Starting at the line that contains "#525 = CARTESIAN_POINT", copy every line through the end of the listing below exactly, and copy nothing else.

- DATA SUPPLIED:
*** Begin section ***

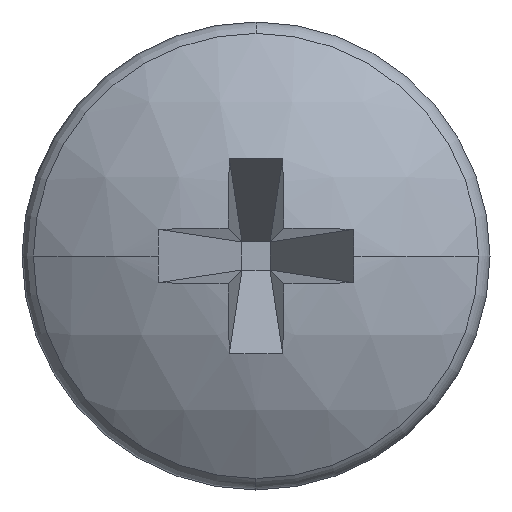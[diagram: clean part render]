
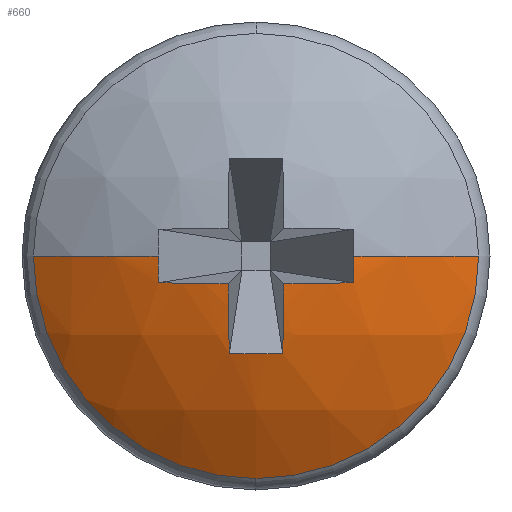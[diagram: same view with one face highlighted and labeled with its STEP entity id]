
A CAD part, left-side view. The second image highlights one B-rep face of the part: STEP entity #660.
In plain terms, the highlighted spherical face has radius 3.2 mm.
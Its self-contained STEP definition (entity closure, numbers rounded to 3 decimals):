
#14 = ORIENTED_EDGE ( 'NONE', *, *, #640, .F. ) ;
#19 = EDGE_CURVE ( 'NONE', #656, #65, #435, .T. ) ;
#20 = EDGE_CURVE ( 'NONE', #72, #34, #334, .T. ) ;
#21 = ORIENTED_EDGE ( 'NONE', *, *, #20, .F. ) ;
#22 = VERTEX_POINT ( 'NONE', #410 ) ;
#27 = VERTEX_POINT ( 'NONE', #409 ) ;
#29 = ORIENTED_EDGE ( 'NONE', *, *, #73, .T. ) ;
#34 = VERTEX_POINT ( 'NONE', #430 ) ;
#65 = VERTEX_POINT ( 'NONE', #342 ) ;
#71 = VERTEX_POINT ( 'NONE', #350 ) ;
#72 = VERTEX_POINT ( 'NONE', #349 ) ;
#73 = EDGE_CURVE ( 'NONE', #22, #34, #347, .T. ) ;
#75 = EDGE_CURVE ( 'NONE', #72, #27, #397, .T. ) ;
#99 = ORIENTED_EDGE ( 'NONE', *, *, #104, .F. ) ;
#104 = EDGE_CURVE ( 'NONE', #71, #65, #183, .T. ) ;
#183 = CIRCLE ( 'NONE', #187, 3.199 ) ;
#184 = DIRECTION ( 'NONE',  ( 0.995, -0.1, 0. ) ) ;
#185 = DIRECTION ( 'NONE',  ( -0.1, -0.995, 0. ) ) ;
#186 = CARTESIAN_POINT ( 'NONE',  ( 3.192, -0.082, 0. ) ) ;
#187 = AXIS2_PLACEMENT_3D ( 'NONE', #186, #185, #184 ) ;
#334 = CIRCLE ( 'NONE', #436, 3.2 ) ;
#342 = CARTESIAN_POINT ( 'NONE',  ( 0.118, 0.228, -0.831 ) ) ;
#343 = DIRECTION ( 'NONE',  ( -0.833, 0.553, 0. ) ) ;
#344 = DIRECTION ( 'NONE',  ( 0.553, 0.833, 0. ) ) ;
#345 = CARTESIAN_POINT ( 'NONE',  ( 2.64, -0.843, 0. ) ) ;
#346 = AXIS2_PLACEMENT_3D ( 'NONE', #345, #344, #343 ) ;
#347 = CIRCLE ( 'NONE', #346, 3.036 ) ;
#348 = CARTESIAN_POINT ( 'NONE',  ( 0.627, 0., 0. ) ) ;
#349 = CARTESIAN_POINT ( 'NONE',  ( 0.627, 1.903, 0. ) ) ;
#350 = CARTESIAN_POINT ( 'NONE',  ( 0.018, 0.238, -0.238 ) ) ;
#387 = CARTESIAN_POINT ( 'NONE',  ( 3.2, 0., 0. ) ) ;
#394 = DIRECTION ( 'NONE',  ( 0., 0., 1. ) ) ;
#395 = DIRECTION ( 'NONE',  ( -1., 0., 0. ) ) ;
#396 = AXIS2_PLACEMENT_3D ( 'NONE', #348, #395, #394 ) ;
#397 = CIRCLE ( 'NONE', #396, 1.903 ) ;
#398 = DIRECTION ( 'NONE',  ( -0.833, 0., -0.553 ) ) ;
#405 = CARTESIAN_POINT ( 'NONE',  ( 2.64, 0., 0.843 ) ) ;
#406 = DIRECTION ( 'NONE',  ( 0.553, 0., -0.833 ) ) ;
#409 = CARTESIAN_POINT ( 'NONE',  ( 0.627, 0., -1.903 ) ) ;
#410 = CARTESIAN_POINT ( 'NONE',  ( 0.118, 0.831, -0.228 ) ) ;
#411 = DIRECTION ( 'NONE',  ( 1., 0., 0. ) ) ;
#419 = DIRECTION ( 'NONE',  ( 0., 0., 1. ) ) ;
#430 = CARTESIAN_POINT ( 'NONE',  ( 0.111, 0.836, 0. ) ) ;
#435 = CIRCLE ( 'NONE', #441, 3.036 ) ;
#436 = AXIS2_PLACEMENT_3D ( 'NONE', #387, #419, #411 ) ;
#441 = AXIS2_PLACEMENT_3D ( 'NONE', #405, #406, #398 ) ;
#470 = CIRCLE ( 'NONE', #531, 3.199 ) ;
#471 = DIRECTION ( 'NONE',  ( 0.995, 0., 0.1 ) ) ;
#472 = DIRECTION ( 'NONE',  ( -0.1, 0., 0.995 ) ) ;
#473 = CARTESIAN_POINT ( 'NONE',  ( 3.192, 0., 0.082 ) ) ;
#474 = AXIS2_PLACEMENT_3D ( 'NONE', #473, #472, #471 ) ;
#475 = CIRCLE ( 'NONE', #474, 3.199 ) ;
#476 = CARTESIAN_POINT ( 'NONE',  ( 3.192, 0., 0.082 ) ) ;
#491 = DIRECTION ( 'NONE',  ( 0., 1., 0. ) ) ;
#492 = DIRECTION ( 'NONE',  ( 0., 0., -1. ) ) ;
#493 = CARTESIAN_POINT ( 'NONE',  ( 3.2, 0., 0. ) ) ;
#494 = AXIS2_PLACEMENT_3D ( 'NONE', #493, #492, #491 ) ;
#496 = SPHERICAL_SURFACE ( 'NONE', #494, 3.2 ) ;
#497 = FACE_OUTER_BOUND ( 'NONE', #669, .T. ) ;
#499 = CARTESIAN_POINT ( 'NONE',  ( 0.627, -1.903, 0. ) ) ;
#500 = CARTESIAN_POINT ( 'NONE',  ( 0.118, -0.228, -0.831 ) ) ;
#506 = DIRECTION ( 'NONE',  ( 0., 1., 0. ) ) ;
#507 = DIRECTION ( 'NONE',  ( 0., 0., -1. ) ) ;
#508 = CARTESIAN_POINT ( 'NONE',  ( 3.2, 0., 0. ) ) ;
#509 = AXIS2_PLACEMENT_3D ( 'NONE', #508, #507, #506 ) ;
#510 = CIRCLE ( 'NONE', #509, 3.2 ) ;
#511 = CARTESIAN_POINT ( 'NONE',  ( 0.118, -0.831, -0.228 ) ) ;
#512 = CARTESIAN_POINT ( 'NONE',  ( 0.111, -0.836, 0. ) ) ;
#513 = DIRECTION ( 'NONE',  ( -0.995, -0.1, 0. ) ) ;
#514 = DIRECTION ( 'NONE',  ( -0.1, 0.995, 0. ) ) ;
#515 = CARTESIAN_POINT ( 'NONE',  ( 3.192, 0.082, 0. ) ) ;
#516 = AXIS2_PLACEMENT_3D ( 'NONE', #515, #514, #513 ) ;
#517 = CIRCLE ( 'NONE', #516, 3.199 ) ;
#518 = DIRECTION ( 'NONE',  ( 0., 0., 1. ) ) ;
#519 = DIRECTION ( 'NONE',  ( -1., 0., 0. ) ) ;
#520 = CARTESIAN_POINT ( 'NONE',  ( 0.627, 0., 0. ) ) ;
#521 = AXIS2_PLACEMENT_3D ( 'NONE', #520, #519, #518 ) ;
#522 = CIRCLE ( 'NONE', #521, 1.903 ) ;
#523 = DIRECTION ( 'NONE',  ( 0.833, 0.553, 0. ) ) ;
#524 = DIRECTION ( 'NONE',  ( 0.553, -0.833, 0. ) ) ;
#525 = CARTESIAN_POINT ( 'NONE',  ( 2.64, 0.843, 0. ) ) ;
#526 = AXIS2_PLACEMENT_3D ( 'NONE', #525, #524, #523 ) ;
#527 = CIRCLE ( 'NONE', #526, 3.036 ) ;
#528 = CARTESIAN_POINT ( 'NONE',  ( 0.018, -0.238, -0.238 ) ) ;
#529 = DIRECTION ( 'NONE',  ( 0.995, 0., 0.1 ) ) ;
#530 = DIRECTION ( 'NONE',  ( -0.1, 0., 0.995 ) ) ;
#531 = AXIS2_PLACEMENT_3D ( 'NONE', #476, #530, #529 ) ;
#640 = EDGE_CURVE ( 'NONE', #22, #71, #475, .T. ) ;
#641 = ORIENTED_EDGE ( 'NONE', *, *, #646, .T. ) ;
#642 = ORIENTED_EDGE ( 'NONE', *, *, #645, .T. ) ;
#643 = EDGE_CURVE ( 'NONE', #644, #652, #470, .T. ) ;
#644 = VERTEX_POINT ( 'NONE', #528 ) ;
#645 = EDGE_CURVE ( 'NONE', #649, #652, #527, .T. ) ;
#646 = EDGE_CURVE ( 'NONE', #27, #657, #522, .T. ) ;
#647 = ORIENTED_EDGE ( 'NONE', *, *, #75, .T. ) ;
#648 = EDGE_CURVE ( 'NONE', #656, #644, #517, .T. ) ;
#649 = VERTEX_POINT ( 'NONE', #512 ) ;
#650 = ORIENTED_EDGE ( 'NONE', *, *, #19, .T. ) ;
#651 = ORIENTED_EDGE ( 'NONE', *, *, #643, .F. ) ;
#652 = VERTEX_POINT ( 'NONE', #511 ) ;
#653 = ORIENTED_EDGE ( 'NONE', *, *, #648, .F. ) ;
#654 = EDGE_CURVE ( 'NONE', #657, #649, #510, .T. ) ;
#655 = ORIENTED_EDGE ( 'NONE', *, *, #654, .T. ) ;
#656 = VERTEX_POINT ( 'NONE', #500 ) ;
#657 = VERTEX_POINT ( 'NONE', #499 ) ;
#660 = ADVANCED_FACE ( 'NONE', ( #497 ), #496, .T. ) ;
#669 = EDGE_LOOP ( 'NONE', ( #647, #641, #655, #642, #651, #653, #650, #99, #14, #29, #21 ) ) ;

*** End section ***

- ANSWER FOR THE TASK:
#525 = CARTESIAN_POINT ( 'NONE',  ( 2.64, 0.843, 0. ) ) ;
#526 = AXIS2_PLACEMENT_3D ( 'NONE', #525, #524, #523 ) ;
#527 = CIRCLE ( 'NONE', #526, 3.036 ) ;
#528 = CARTESIAN_POINT ( 'NONE',  ( 0.018, -0.238, -0.238 ) ) ;
#529 = DIRECTION ( 'NONE',  ( 0.995, 0., 0.1 ) ) ;
#530 = DIRECTION ( 'NONE',  ( -0.1, 0., 0.995 ) ) ;
#531 = AXIS2_PLACEMENT_3D ( 'NONE', #476, #530, #529 ) ;
#640 = EDGE_CURVE ( 'NONE', #22, #71, #475, .T. ) ;
#641 = ORIENTED_EDGE ( 'NONE', *, *, #646, .T. ) ;
#642 = ORIENTED_EDGE ( 'NONE', *, *, #645, .T. ) ;
#643 = EDGE_CURVE ( 'NONE', #644, #652, #470, .T. ) ;
#644 = VERTEX_POINT ( 'NONE', #528 ) ;
#645 = EDGE_CURVE ( 'NONE', #649, #652, #527, .T. ) ;
#646 = EDGE_CURVE ( 'NONE', #27, #657, #522, .T. ) ;
#647 = ORIENTED_EDGE ( 'NONE', *, *, #75, .T. ) ;
#648 = EDGE_CURVE ( 'NONE', #656, #644, #517, .T. ) ;
#649 = VERTEX_POINT ( 'NONE', #512 ) ;
#650 = ORIENTED_EDGE ( 'NONE', *, *, #19, .T. ) ;
#651 = ORIENTED_EDGE ( 'NONE', *, *, #643, .F. ) ;
#652 = VERTEX_POINT ( 'NONE', #511 ) ;
#653 = ORIENTED_EDGE ( 'NONE', *, *, #648, .F. ) ;
#654 = EDGE_CURVE ( 'NONE', #657, #649, #510, .T. ) ;
#655 = ORIENTED_EDGE ( 'NONE', *, *, #654, .T. ) ;
#656 = VERTEX_POINT ( 'NONE', #500 ) ;
#657 = VERTEX_POINT ( 'NONE', #499 ) ;
#660 = ADVANCED_FACE ( 'NONE', ( #497 ), #496, .T. ) ;
#669 = EDGE_LOOP ( 'NONE', ( #647, #641, #655, #642, #651, #653, #650, #99, #14, #29, #21 ) ) ;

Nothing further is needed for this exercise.